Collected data
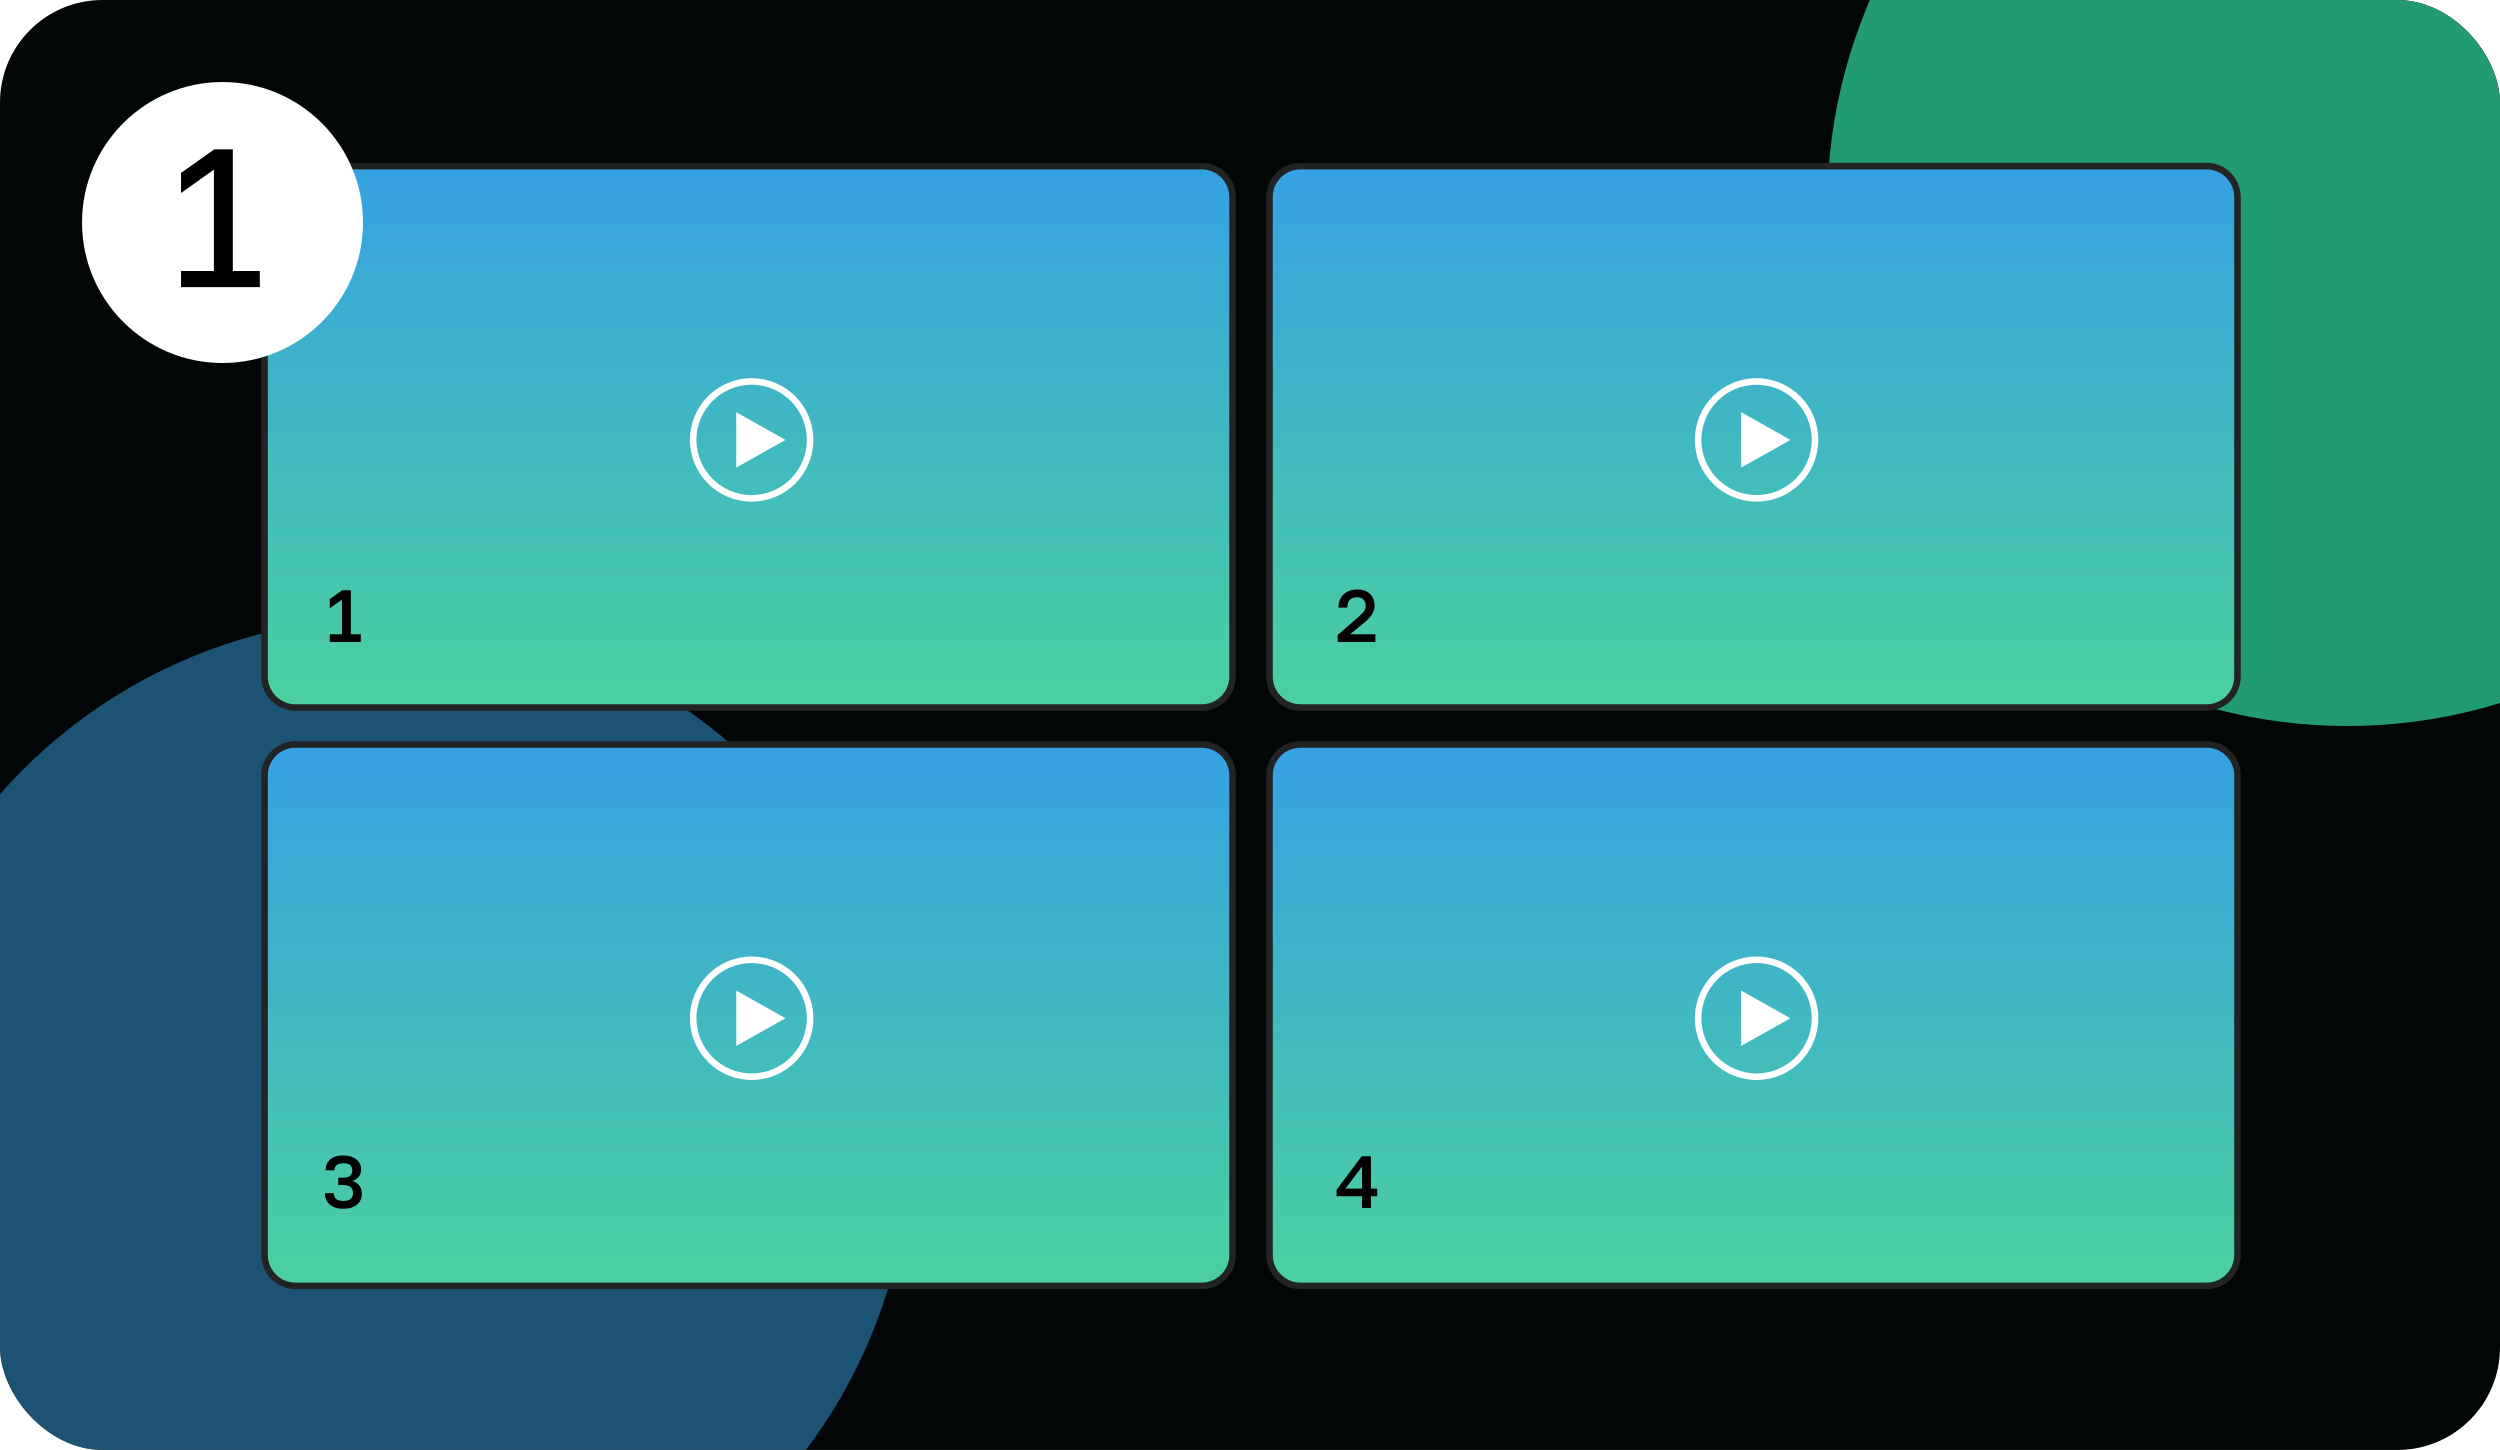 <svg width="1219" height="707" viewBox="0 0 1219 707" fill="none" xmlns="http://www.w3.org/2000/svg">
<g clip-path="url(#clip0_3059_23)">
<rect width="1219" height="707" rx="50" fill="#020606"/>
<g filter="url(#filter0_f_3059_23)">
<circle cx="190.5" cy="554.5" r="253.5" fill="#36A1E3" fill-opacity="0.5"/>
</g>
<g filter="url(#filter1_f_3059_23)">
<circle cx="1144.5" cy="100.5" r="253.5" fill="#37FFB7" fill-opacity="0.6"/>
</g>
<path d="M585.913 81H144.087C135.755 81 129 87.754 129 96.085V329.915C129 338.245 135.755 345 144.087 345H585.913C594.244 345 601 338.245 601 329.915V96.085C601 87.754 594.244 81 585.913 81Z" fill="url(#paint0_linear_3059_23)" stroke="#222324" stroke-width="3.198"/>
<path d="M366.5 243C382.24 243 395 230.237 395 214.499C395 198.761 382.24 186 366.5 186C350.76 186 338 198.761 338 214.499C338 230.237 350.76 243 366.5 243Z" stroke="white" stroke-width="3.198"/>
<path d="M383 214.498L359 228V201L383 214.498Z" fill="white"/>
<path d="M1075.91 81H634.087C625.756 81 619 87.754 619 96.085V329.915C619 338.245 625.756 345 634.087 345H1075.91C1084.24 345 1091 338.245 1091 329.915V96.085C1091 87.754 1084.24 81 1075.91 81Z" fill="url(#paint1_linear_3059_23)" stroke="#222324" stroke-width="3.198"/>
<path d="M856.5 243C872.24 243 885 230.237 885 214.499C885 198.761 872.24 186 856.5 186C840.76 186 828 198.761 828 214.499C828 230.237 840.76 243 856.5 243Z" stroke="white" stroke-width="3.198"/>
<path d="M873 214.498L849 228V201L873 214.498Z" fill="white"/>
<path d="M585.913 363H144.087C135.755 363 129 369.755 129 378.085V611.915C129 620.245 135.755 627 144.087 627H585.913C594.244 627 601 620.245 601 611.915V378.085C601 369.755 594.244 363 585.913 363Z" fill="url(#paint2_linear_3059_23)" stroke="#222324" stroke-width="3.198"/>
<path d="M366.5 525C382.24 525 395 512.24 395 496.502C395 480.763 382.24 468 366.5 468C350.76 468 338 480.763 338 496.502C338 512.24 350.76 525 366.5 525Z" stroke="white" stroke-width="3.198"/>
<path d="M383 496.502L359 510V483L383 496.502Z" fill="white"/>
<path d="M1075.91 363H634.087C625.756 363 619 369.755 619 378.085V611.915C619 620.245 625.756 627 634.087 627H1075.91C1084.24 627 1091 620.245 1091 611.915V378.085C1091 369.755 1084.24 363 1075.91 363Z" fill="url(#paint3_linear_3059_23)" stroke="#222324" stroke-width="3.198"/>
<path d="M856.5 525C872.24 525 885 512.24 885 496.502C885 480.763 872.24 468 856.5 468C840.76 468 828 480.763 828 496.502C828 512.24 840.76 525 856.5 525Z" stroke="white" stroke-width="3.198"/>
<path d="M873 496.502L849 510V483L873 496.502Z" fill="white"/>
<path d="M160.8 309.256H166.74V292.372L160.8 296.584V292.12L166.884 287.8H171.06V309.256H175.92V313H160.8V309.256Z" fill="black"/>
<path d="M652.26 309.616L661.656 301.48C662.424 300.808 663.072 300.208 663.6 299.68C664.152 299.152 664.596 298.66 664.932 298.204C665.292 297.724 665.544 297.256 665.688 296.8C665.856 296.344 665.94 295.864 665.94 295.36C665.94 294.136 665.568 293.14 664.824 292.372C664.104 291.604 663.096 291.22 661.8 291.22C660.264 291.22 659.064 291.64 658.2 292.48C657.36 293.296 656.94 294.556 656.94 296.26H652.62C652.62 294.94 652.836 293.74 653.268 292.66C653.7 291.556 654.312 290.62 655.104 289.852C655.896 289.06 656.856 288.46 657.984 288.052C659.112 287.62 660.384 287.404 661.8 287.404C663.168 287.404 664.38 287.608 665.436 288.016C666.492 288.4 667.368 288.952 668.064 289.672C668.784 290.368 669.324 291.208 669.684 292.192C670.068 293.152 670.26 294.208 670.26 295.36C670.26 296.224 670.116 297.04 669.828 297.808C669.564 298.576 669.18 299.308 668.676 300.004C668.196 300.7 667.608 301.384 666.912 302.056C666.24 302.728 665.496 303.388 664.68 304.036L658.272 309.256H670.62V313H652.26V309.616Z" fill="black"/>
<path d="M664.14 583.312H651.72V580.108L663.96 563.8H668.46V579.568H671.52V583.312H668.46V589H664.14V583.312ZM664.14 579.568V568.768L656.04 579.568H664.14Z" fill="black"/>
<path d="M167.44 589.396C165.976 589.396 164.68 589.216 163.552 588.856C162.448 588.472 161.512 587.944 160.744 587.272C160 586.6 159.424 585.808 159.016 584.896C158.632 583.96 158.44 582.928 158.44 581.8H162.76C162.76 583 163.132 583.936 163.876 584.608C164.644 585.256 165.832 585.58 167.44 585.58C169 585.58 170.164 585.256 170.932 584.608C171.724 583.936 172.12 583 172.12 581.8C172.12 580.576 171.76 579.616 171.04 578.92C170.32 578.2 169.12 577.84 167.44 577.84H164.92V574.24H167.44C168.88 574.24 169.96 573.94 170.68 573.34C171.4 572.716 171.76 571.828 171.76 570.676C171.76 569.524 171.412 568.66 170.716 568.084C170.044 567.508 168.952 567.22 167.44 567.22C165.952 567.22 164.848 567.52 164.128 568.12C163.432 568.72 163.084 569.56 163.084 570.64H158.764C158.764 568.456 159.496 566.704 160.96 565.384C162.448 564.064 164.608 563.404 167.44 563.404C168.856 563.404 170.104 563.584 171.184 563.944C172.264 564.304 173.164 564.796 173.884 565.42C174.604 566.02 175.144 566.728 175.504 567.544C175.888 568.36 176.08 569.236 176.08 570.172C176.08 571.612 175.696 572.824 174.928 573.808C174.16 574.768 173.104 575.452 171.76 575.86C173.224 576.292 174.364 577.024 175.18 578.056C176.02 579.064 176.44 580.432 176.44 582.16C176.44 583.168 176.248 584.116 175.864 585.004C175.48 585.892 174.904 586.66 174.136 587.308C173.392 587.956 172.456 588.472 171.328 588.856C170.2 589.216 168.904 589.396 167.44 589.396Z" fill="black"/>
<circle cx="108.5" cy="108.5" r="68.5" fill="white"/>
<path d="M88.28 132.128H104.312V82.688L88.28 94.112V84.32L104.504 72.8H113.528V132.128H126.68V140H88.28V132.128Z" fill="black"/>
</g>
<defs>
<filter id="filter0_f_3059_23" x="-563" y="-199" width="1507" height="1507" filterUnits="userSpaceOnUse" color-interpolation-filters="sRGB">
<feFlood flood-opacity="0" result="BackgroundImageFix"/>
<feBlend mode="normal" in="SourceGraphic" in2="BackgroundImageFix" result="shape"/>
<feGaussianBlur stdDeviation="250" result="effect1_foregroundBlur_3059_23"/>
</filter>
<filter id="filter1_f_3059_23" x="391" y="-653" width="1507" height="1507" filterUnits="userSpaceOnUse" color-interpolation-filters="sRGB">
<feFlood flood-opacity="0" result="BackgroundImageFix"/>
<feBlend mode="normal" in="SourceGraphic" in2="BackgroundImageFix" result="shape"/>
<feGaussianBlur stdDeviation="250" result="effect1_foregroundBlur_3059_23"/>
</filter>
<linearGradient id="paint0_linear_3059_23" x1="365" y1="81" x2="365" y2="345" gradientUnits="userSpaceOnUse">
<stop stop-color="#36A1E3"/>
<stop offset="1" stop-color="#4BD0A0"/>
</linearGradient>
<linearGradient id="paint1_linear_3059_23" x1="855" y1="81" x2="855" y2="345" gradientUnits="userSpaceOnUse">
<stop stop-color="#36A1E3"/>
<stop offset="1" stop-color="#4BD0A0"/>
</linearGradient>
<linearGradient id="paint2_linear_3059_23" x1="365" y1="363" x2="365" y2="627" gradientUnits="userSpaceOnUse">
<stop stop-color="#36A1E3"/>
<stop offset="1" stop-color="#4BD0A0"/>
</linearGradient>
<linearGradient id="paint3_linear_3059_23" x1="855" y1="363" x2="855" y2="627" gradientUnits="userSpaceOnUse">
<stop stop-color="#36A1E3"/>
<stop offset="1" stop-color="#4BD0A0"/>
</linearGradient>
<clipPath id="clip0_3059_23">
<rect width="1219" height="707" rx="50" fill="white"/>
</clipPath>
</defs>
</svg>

__What is being asked__: Report, as a bare number, how many lines above contain the string "interpolation".

__Answer for this exercise__: 2